- City: Albany, New York
- League: American Hockey League
- Founded: 1998
- Operated: 2010–2017
- Home arena: Times Union Center
- Colors: Red, black, white
- Owner: Harris Blitzer Sports & Entertainment
- Media: Albany Times Union MSG Network ESPN 104.5 The Team
- Affiliates: New Jersey Devils (NHL)

Franchise history
- 1998–2006: Lowell Lock Monsters
- 2006–2010: Lowell Devils
- 2010–2017: Albany Devils
- 2017–2021: Binghamton Devils
- 2021–present: Utica Comets

= Albany Devils =

Former American ice hockey team

The Albany Devils were a professional ice hockey team in the American Hockey League (AHL).
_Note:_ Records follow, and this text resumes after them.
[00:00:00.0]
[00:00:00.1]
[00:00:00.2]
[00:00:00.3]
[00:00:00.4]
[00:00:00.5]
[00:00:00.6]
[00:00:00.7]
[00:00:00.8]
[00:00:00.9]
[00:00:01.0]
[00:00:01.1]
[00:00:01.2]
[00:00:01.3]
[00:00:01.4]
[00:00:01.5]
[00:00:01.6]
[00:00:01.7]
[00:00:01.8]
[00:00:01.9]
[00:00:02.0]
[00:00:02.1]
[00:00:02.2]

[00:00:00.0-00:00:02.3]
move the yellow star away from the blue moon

The top affiliate of the New Jersey Devils of the National Hockey League (NHL), they played their home games at the Times Union Center in Albany, New York.

The franchise started in 1998 as the expansion Lowell Lock Monsters and played their home games in Lowell, Massachusetts. In 2006, the Devils purchased the Lock Monsters and rebranded the franchise as the Lowell Devils for the 2006–07 AHL season. Citing low attendance, the franchise was moved to Albany in 2010 and began play as the Albany Devils. This would mark the second time the New Jersey Devils have been affiliated with an AHL team in Albany; from 1993 to 2006, the Devils used the Albany River Rats as their top minor league team.
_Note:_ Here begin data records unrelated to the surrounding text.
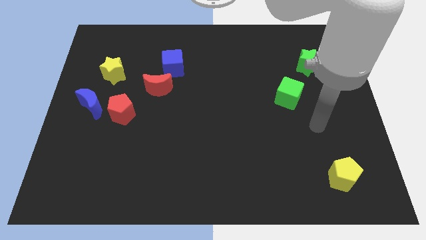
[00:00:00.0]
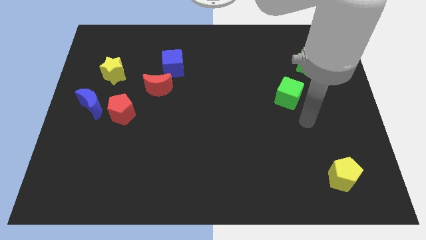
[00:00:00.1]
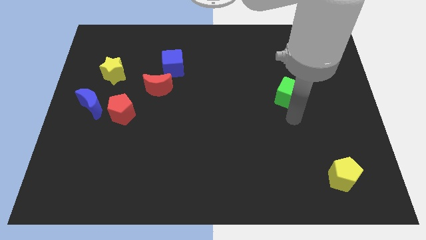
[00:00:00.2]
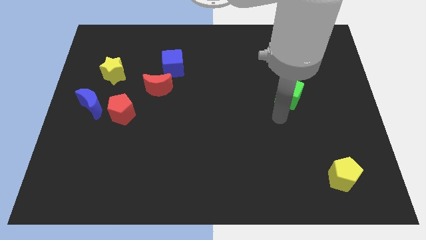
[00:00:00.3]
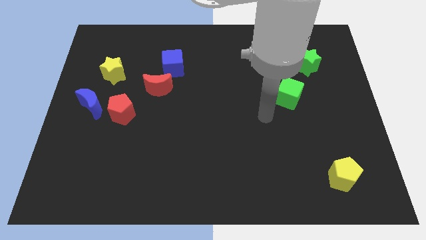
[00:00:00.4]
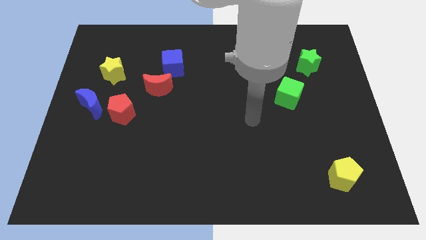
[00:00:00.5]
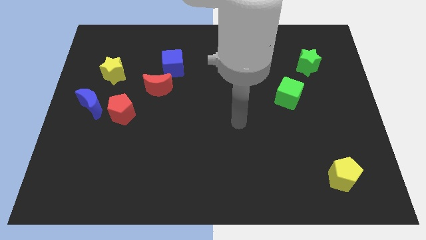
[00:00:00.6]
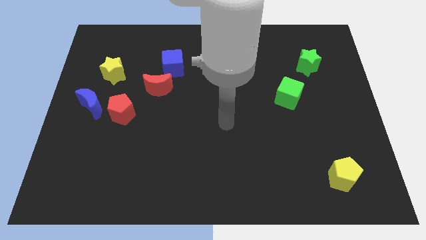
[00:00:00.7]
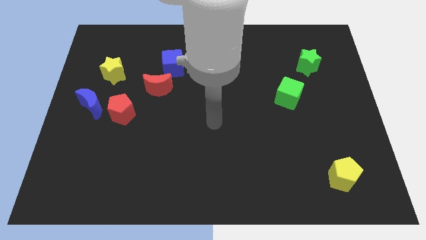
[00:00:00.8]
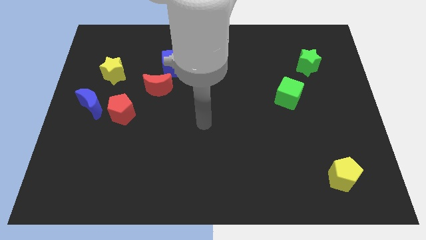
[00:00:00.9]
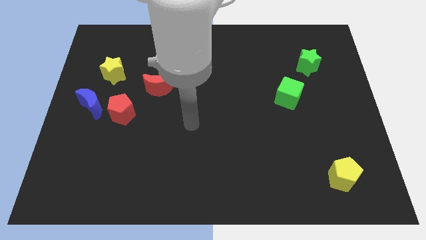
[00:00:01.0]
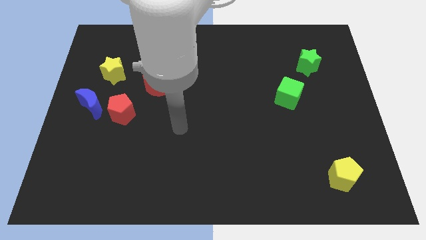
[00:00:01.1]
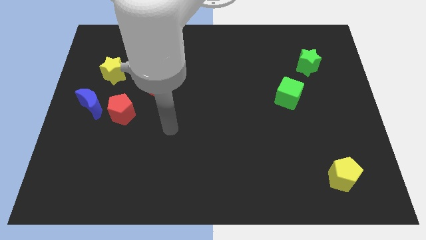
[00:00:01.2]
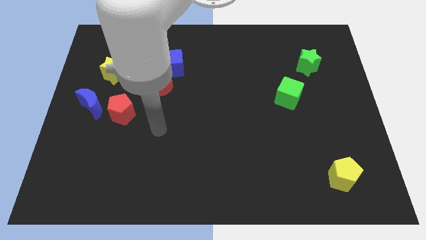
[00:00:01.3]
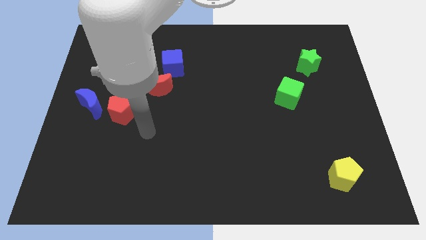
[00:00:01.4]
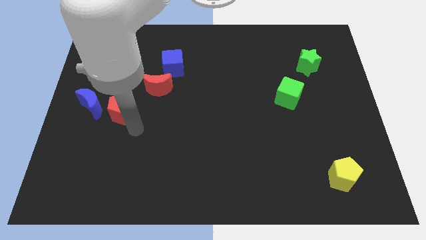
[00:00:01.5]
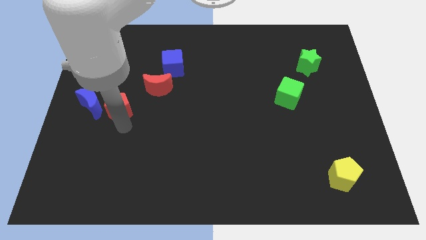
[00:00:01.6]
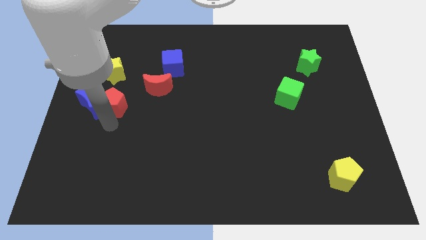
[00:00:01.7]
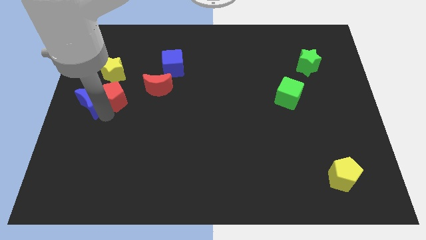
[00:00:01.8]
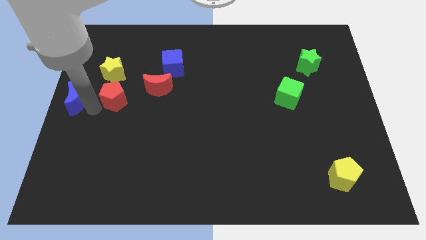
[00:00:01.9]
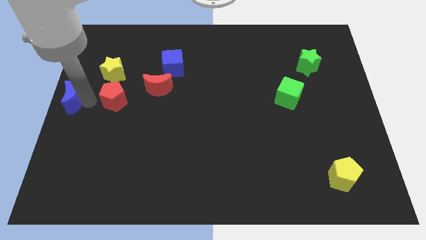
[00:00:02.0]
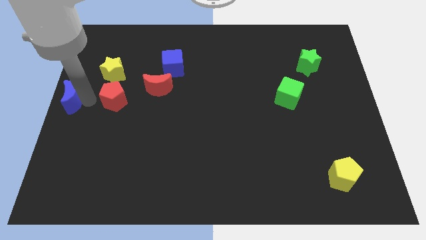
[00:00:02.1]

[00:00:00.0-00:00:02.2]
move the red pentagon away from the blue moon

Ahead of the 2017–18 AHL season, the Devils moved to Binghamton, New York, and became the Binghamton Devils.

== History ==
On February 10, 2010, Albany River Rats owner Walter L. Robb sold his team to MAK Hockey LLC, led by Charlotte beer distributor Michael Kahn, owner of the Charlotte Checkers of the ECHL. It was then announced that the River Rats would play the 2010–11 season as the Charlotte Checkers, and the ECHL franchise was relinquished to the league. Meanwhile, Robb, as well as members of the River Rats and Times Union Center's front office, had already begun looking for an American Hockey League team to replace the River Rats.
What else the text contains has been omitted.